TO DO —
The data below should be transcribed in full, with no picture included.

[Opening GIVEN DATA section]

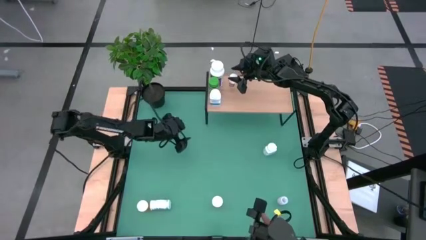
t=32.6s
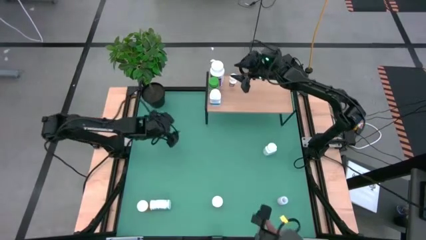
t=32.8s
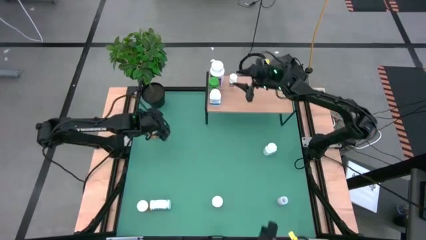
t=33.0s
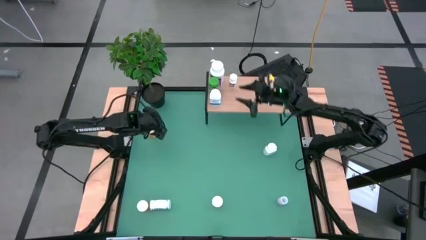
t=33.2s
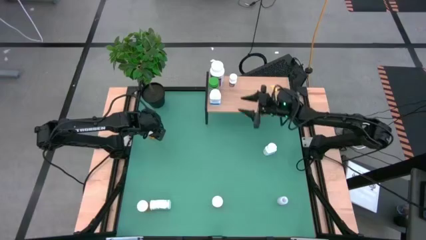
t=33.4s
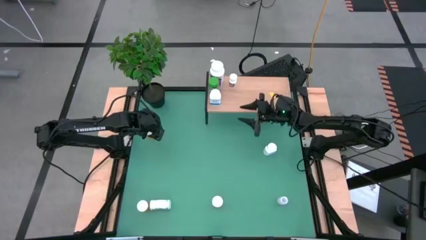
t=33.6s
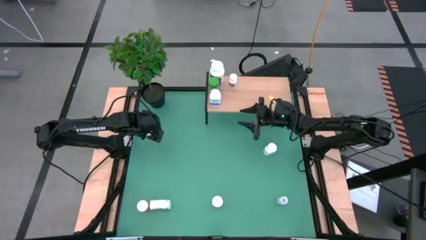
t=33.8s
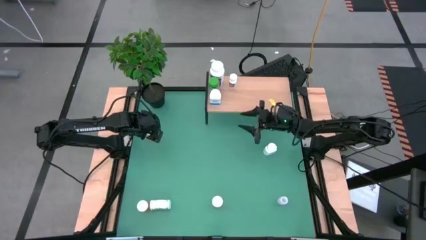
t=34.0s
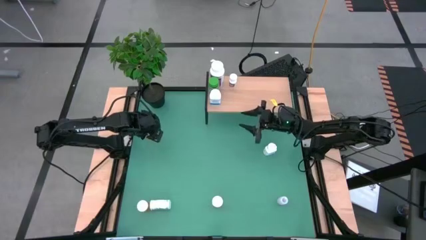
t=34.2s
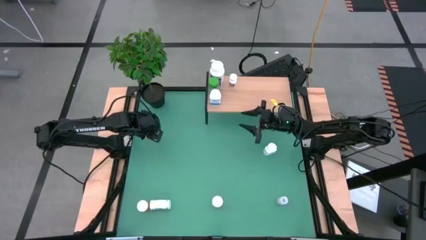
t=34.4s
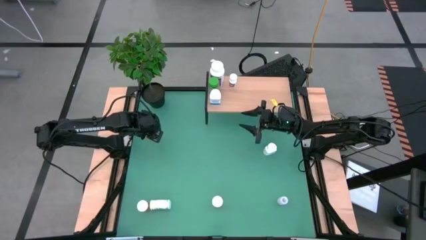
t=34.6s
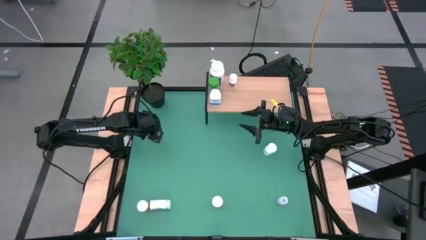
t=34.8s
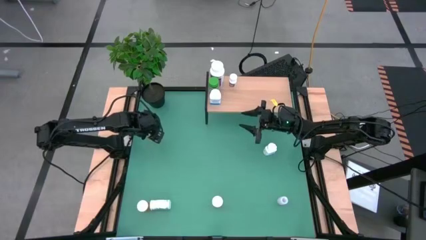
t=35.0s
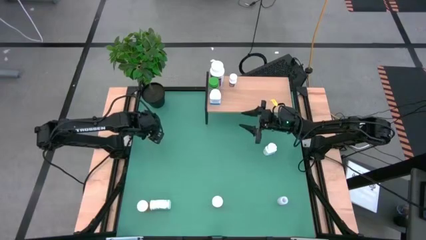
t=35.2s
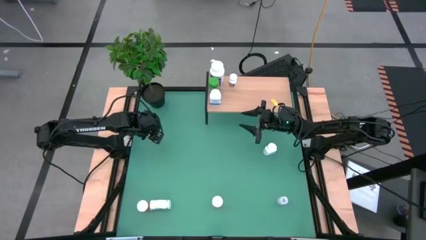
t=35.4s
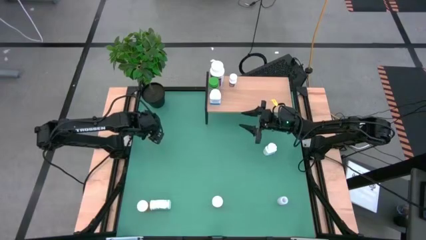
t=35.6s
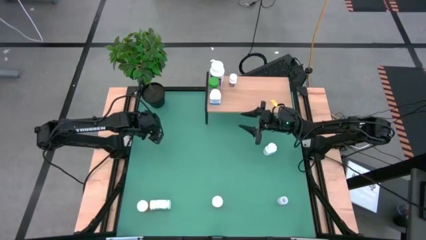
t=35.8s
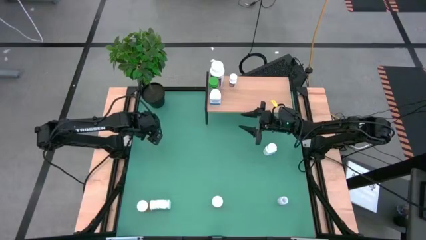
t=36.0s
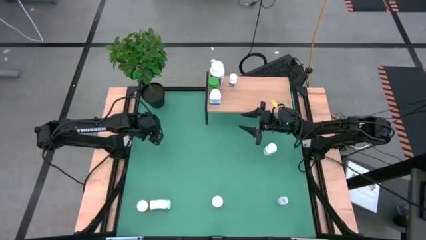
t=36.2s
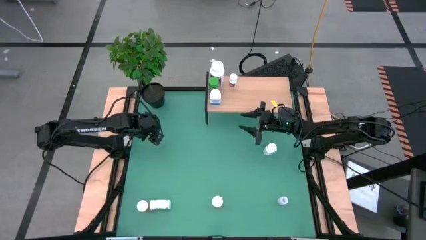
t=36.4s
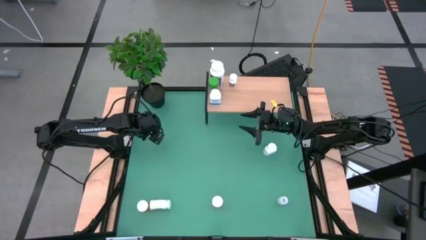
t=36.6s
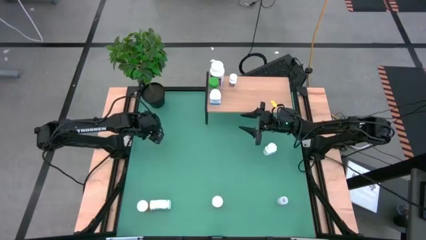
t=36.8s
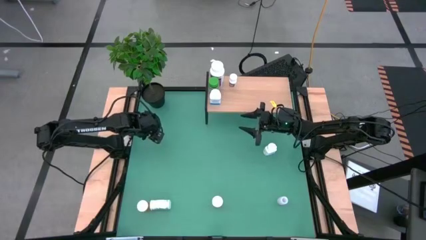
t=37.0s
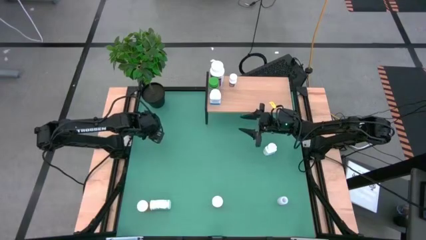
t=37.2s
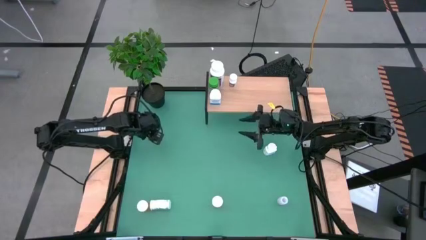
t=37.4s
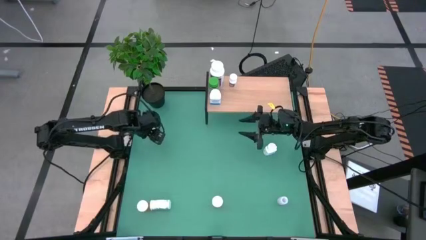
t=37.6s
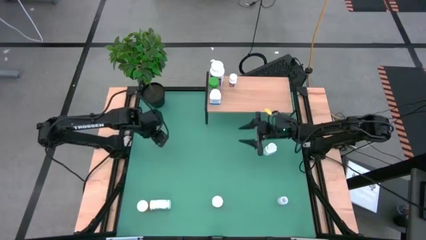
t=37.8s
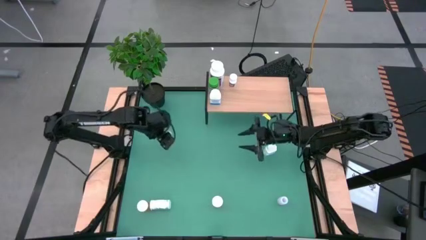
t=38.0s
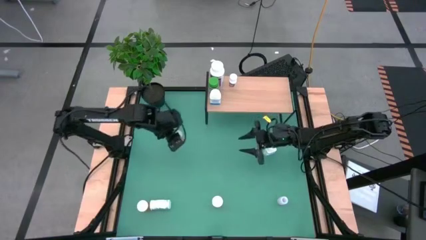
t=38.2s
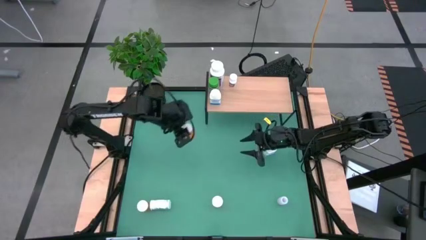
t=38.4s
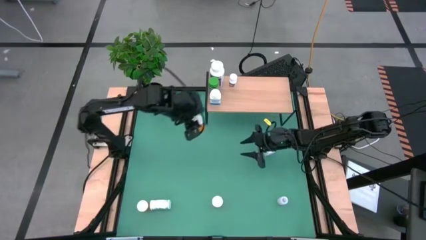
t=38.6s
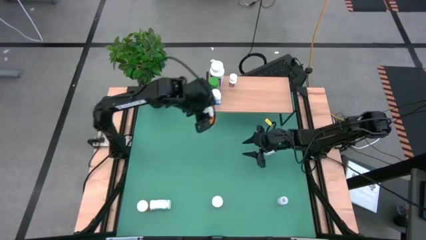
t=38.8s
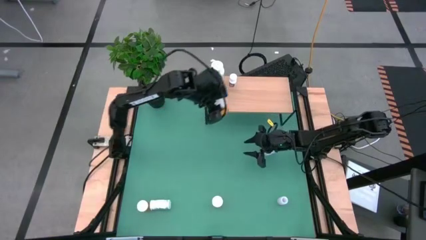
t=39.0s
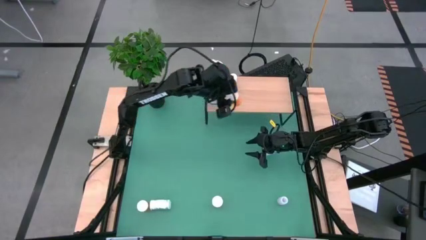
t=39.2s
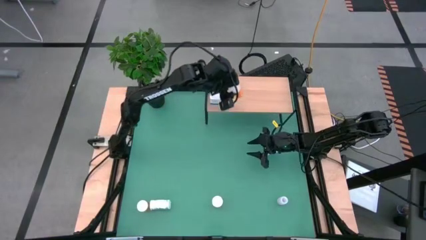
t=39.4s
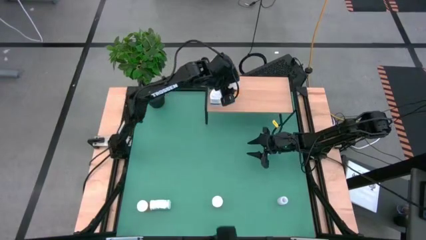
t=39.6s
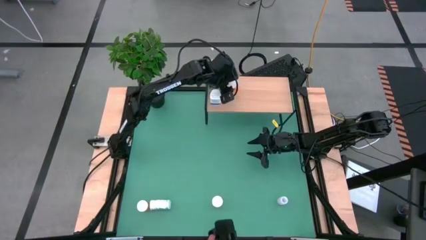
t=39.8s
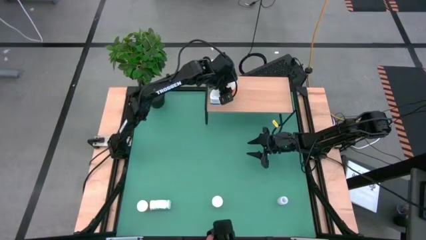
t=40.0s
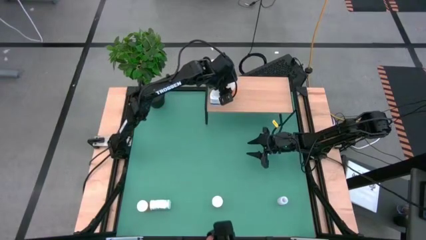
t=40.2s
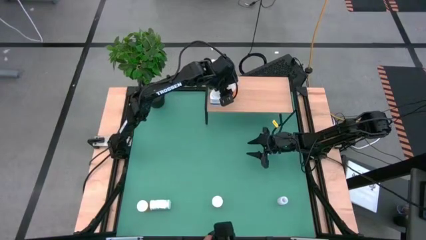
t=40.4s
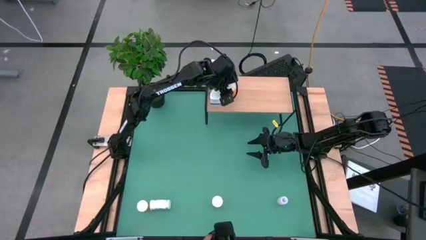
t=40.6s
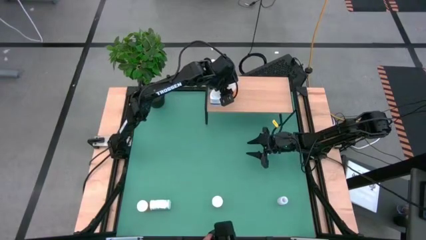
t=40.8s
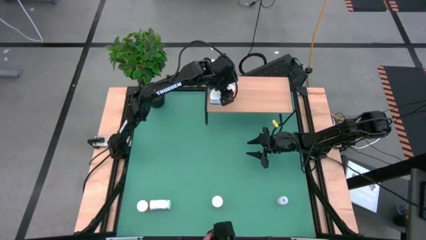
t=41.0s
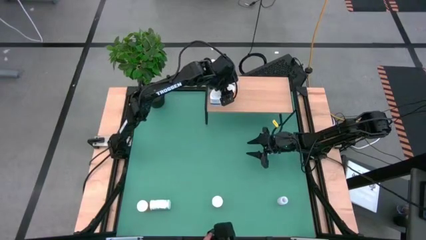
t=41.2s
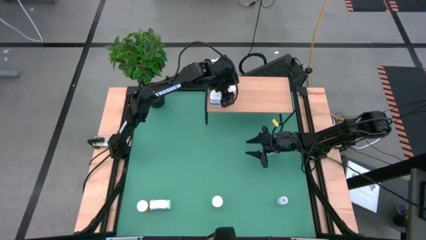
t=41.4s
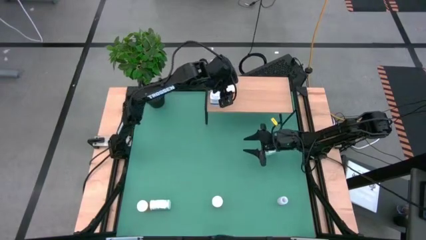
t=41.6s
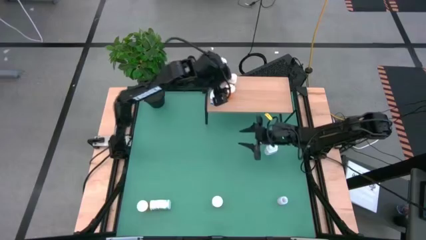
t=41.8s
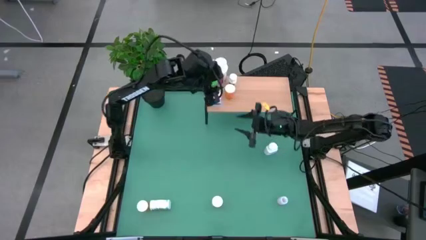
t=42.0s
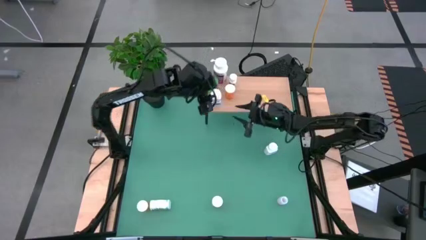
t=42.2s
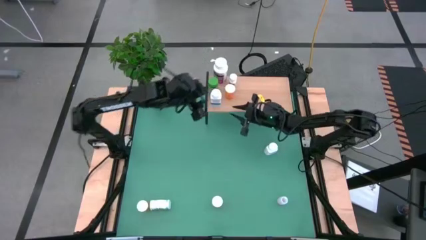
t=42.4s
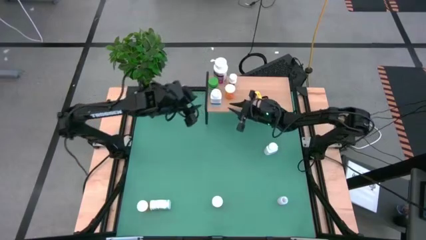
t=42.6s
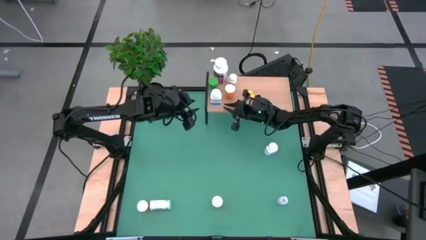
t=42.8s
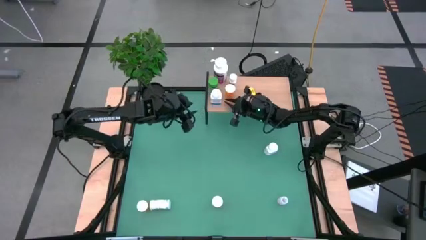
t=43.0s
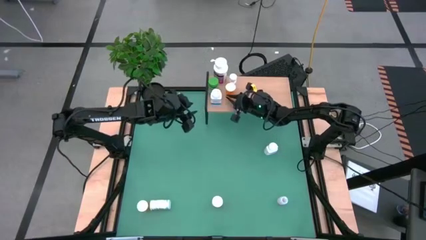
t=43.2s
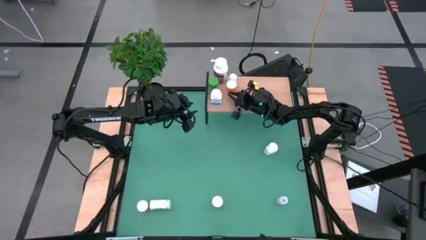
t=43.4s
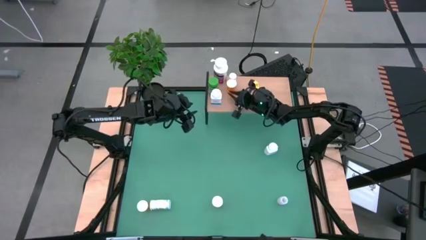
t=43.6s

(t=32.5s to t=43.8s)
Task: Pick and place medicine bottles onto shelf by color
Put the top orange medicine bottle on the shelf

[Closing GIVEN DATA section]

EXERCISE RESULT —
t=32.6s
t=32.8s
t=33.0s
t=33.2s
t=33.4s
t=33.6s
t=33.8s
t=34.0s
t=34.2s
t=34.4s
t=34.6s
t=34.8s
t=35.0s
t=35.2s
t=35.4s
t=35.6s
t=35.8s
t=36.0s
t=36.2s
t=36.4s
t=36.6s
t=36.8s
t=37.0s
t=37.2s
t=37.4s
t=37.6s
t=37.8s
t=38.0s
t=38.2s
t=38.4s
t=38.6s
t=38.8s
t=39.0s
t=39.2s
t=39.4s
t=39.6s
t=39.8s
t=40.0s
t=40.2s
t=40.4s
t=40.6s
t=40.8s
t=41.0s
t=41.2s
t=41.4s
t=41.6s
t=41.8s
t=42.0s
t=42.2s
t=42.4s
t=42.6s
t=42.8s
t=43.0s
t=43.2s
t=43.4s
t=43.6s

(t=32.5s to t=43.8s)
Task: Pick and place medicine bottles onto shelf by color
Put the top orange medicine bottle on the shelf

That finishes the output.